Democrat Sheldon Whitehouse of Rhode Island is likely the largest shareholder in AT&T on the Senate side, with up to $115,000 held by his household in three investments and income of up to $7,500 last year from the stock. He is the second-most senior Democratic member of the Judiciary Committee’s Subcommittee on Privacy, Technology, and the Law.
The two Senate Democratic members of the communications subcommittee invested in AT&T are Gary Peters of Michigan, with up to $100,000 invested and up to $3,500 in income in 2020, and Jacklyn Rosen of Nevada, with shares valued at a maximum of $100,000 and with up to $5,000 in income last year through a joint investment. Peters is a Senate co-sponsor of the Broadband Infrastructure Finance and Innovation Act of 2021, introduced by subcommittee chair Ben Ray Luján of New Mexico, which is the bill seeing the most AT&T lobbying activity so far this year. Republican subcommittee member Shelley Moore Capito owns up to $15,000 in AT&T, as does her spouse.
Rep. Alexandria Ocasio-Cortez, a co-sponsor of the Ban Conflicted Trading Act, said recently that it’s a “very uphill battle to pass” measures to reduce financial conflicts of interest.

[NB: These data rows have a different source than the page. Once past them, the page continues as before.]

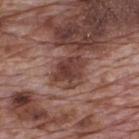Captured during whole-body skin photography for melanoma surveillance; the lesion was not biopsied.
A roughly 15 mm field-of-view crop from a total-body skin photograph.
The lesion is located on the upper back.
A male patient, aged 68 to 72.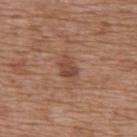The lesion was photographed on a routine skin check and not biopsied; there is no pathology result. Automated image analysis of the tile measured a mean CIELAB color near L≈45 a*≈22 b*≈29, a lesion–skin lightness drop of about 9, and a lesion-to-skin contrast of about 7 (normalized; higher = more distinct). And it measured a border-irregularity rating of about 3/10, a color-variation rating of about 3/10, and peripheral color asymmetry of about 1. Captured under white-light illumination. A 15 mm crop from a total-body photograph taken for skin-cancer surveillance. Located on the upper back. The patient is a female aged around 75.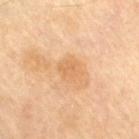Assessment:
Recorded during total-body skin imaging; not selected for excision or biopsy.
Image and clinical context:
The recorded lesion diameter is about 2.5 mm. A male subject approximately 70 years of age. Imaged with cross-polarized lighting. The lesion is on the right thigh. Cropped from a total-body skin-imaging series; the visible field is about 15 mm.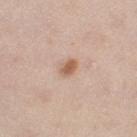| key | value |
|---|---|
| subject | female, aged 38 to 42 |
| anatomic site | the left thigh |
| imaging modality | total-body-photography crop, ~15 mm field of view |

Earlier this year, a committee controlled by Speaker Pelosi did not allow full House votes on three legislative items that would have banned members from transacting in individual company stocks, including two with bipartisan support.
In the wake of the OAN revelations, tech journalist Karl Bode wrote of AT&T:
“However bad Facebook is (and I 100% agree with complaints that its executives are monumentally terrible), think about this: in just the last few years AT&T has been: fined $18.6 million for helping rip off programs for the hearing impaired; fined $10.4 million for ripping off a program for low-income families; fined $105 million for helping ‘crammers’ by intentionally making such bogus charges more difficult to see on customer bills; fined $60 million for lying to customers about the definition of ‘unlimited’ data; caught in a scandal in which the company paid Trump’s fixer $600,000 for closer access to the President; fined $7.7 million for turning a blind eye to drug dealers running directory assistance scams; caught lying about its claims it stopped funding politicians supporting January 6 insurrectionists; and was accused of ripping off the nation’s school systems for years by one of its own, former lawyers. I’m sure I missed some.”